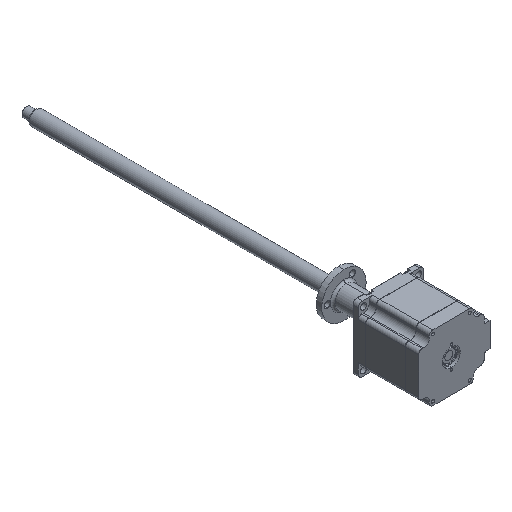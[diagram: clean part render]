
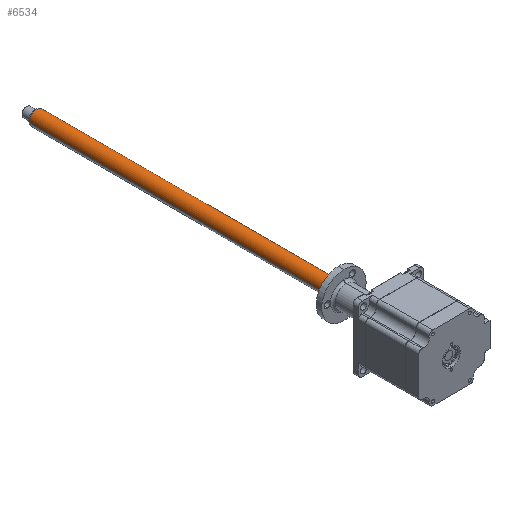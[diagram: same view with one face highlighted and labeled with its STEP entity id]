
A CAD part, isometric view. The second image highlights one B-rep face of the part: STEP entity #6534.
In plain terms, the highlighted cylindrical face has radius 6.225 mm (diameter 12.45 mm), a partial arc.
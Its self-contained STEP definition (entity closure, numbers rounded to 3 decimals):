
#681 = DIRECTION ( 'NONE',  ( 0., -1., 0. ) ) ;
#946 = EDGE_CURVE ( 'NONE', #10883, #7041, #7802, .T. ) ;
#1072 = CARTESIAN_POINT ( 'NONE',  ( -23.479, 309.999, 32.654 ) ) ;
#1354 = EDGE_LOOP ( 'NONE', ( #4214, #2746, #7716, #9179 ) ) ;
#1637 = EDGE_CURVE ( 'NONE', #5099, #10883, #3837, .T. ) ;
#1969 = CARTESIAN_POINT ( 'NONE',  ( -23.479, 9.999, 32.654 ) ) ;
#2037 = LINE ( 'NONE', #3725, #7017 ) ;
#2437 = FACE_OUTER_BOUND ( 'NONE', #1354, .T. ) ;
#2545 = VECTOR ( 'NONE', #9529, 1000. ) ;
#2746 = ORIENTED_EDGE ( 'NONE', *, *, #1637, .T. ) ;
#3326 = CARTESIAN_POINT ( 'NONE',  ( -17.293, 9.999, 33.35 ) ) ;
#3643 = EDGE_CURVE ( 'NONE', #5099, #5668, #2037, .T. ) ;
#3725 = CARTESIAN_POINT ( 'NONE',  ( -11.107, 309.999, 34.046 ) ) ;
#3837 = CIRCLE ( 'NONE', #8851, 6.225 ) ;
#4214 = ORIENTED_EDGE ( 'NONE', *, *, #3643, .F. ) ;
#4273 = DIRECTION ( 'NONE',  ( -0.994, 0., -0.112 ) ) ;
#5099 = VERTEX_POINT ( 'NONE', #8249 ) ;
#5388 = EDGE_CURVE ( 'NONE', #5668, #7041, #11655, .T. ) ;
#5668 = VERTEX_POINT ( 'NONE', #6676 ) ;
#5775 = CARTESIAN_POINT ( 'NONE',  ( -17.293, 309.999, 33.35 ) ) ;
#6534 = ADVANCED_FACE ( 'NONE', ( #2437 ), #6820, .T. ) ;
#6676 = CARTESIAN_POINT ( 'NONE',  ( -11.107, 9.999, 34.046 ) ) ;
#6710 = DIRECTION ( 'NONE',  ( -0.994, 0., -0.112 ) ) ;
#6820 = CYLINDRICAL_SURFACE ( 'NONE', #9351, 6.225 ) ;
#7017 = VECTOR ( 'NONE', #10279, 1000. ) ;
#7041 = VERTEX_POINT ( 'NONE', #1969 ) ;
#7716 = ORIENTED_EDGE ( 'NONE', *, *, #946, .T. ) ;
#7802 = LINE ( 'NONE', #1072, #2545 ) ;
#8249 = CARTESIAN_POINT ( 'NONE',  ( -11.107, 308.999, 34.046 ) ) ;
#8851 = AXIS2_PLACEMENT_3D ( 'NONE', #10946, #681, #10989 ) ;
#9179 = ORIENTED_EDGE ( 'NONE', *, *, #5388, .F. ) ;
#9351 = AXIS2_PLACEMENT_3D ( 'NONE', #5775, #11147, #6710 ) ;
#9368 = CARTESIAN_POINT ( 'NONE',  ( -23.479, 308.999, 32.654 ) ) ;
#9529 = DIRECTION ( 'NONE',  ( 0., -1., 0. ) ) ;
#9893 = DIRECTION ( 'NONE',  ( 0., -1., 0. ) ) ;
#10279 = DIRECTION ( 'NONE',  ( 0., -1., 0. ) ) ;
#10496 = AXIS2_PLACEMENT_3D ( 'NONE', #3326, #9893, #4273 ) ;
#10883 = VERTEX_POINT ( 'NONE', #9368 ) ;
#10946 = CARTESIAN_POINT ( 'NONE',  ( -17.293, 308.999, 33.35 ) ) ;
#10989 = DIRECTION ( 'NONE',  ( 0.994, 0., 0.112 ) ) ;
#11147 = DIRECTION ( 'NONE',  ( 0., -1., 0. ) ) ;
#11655 = CIRCLE ( 'NONE', #10496, 6.225 ) ;

_Task objective_
For the string "VECTOR", search the preceding data and copy every line that includes it.

_Response for this exercise_
#2545 = VECTOR ( 'NONE', #9529, 1000. ) ;
#7017 = VECTOR ( 'NONE', #10279, 1000. ) ;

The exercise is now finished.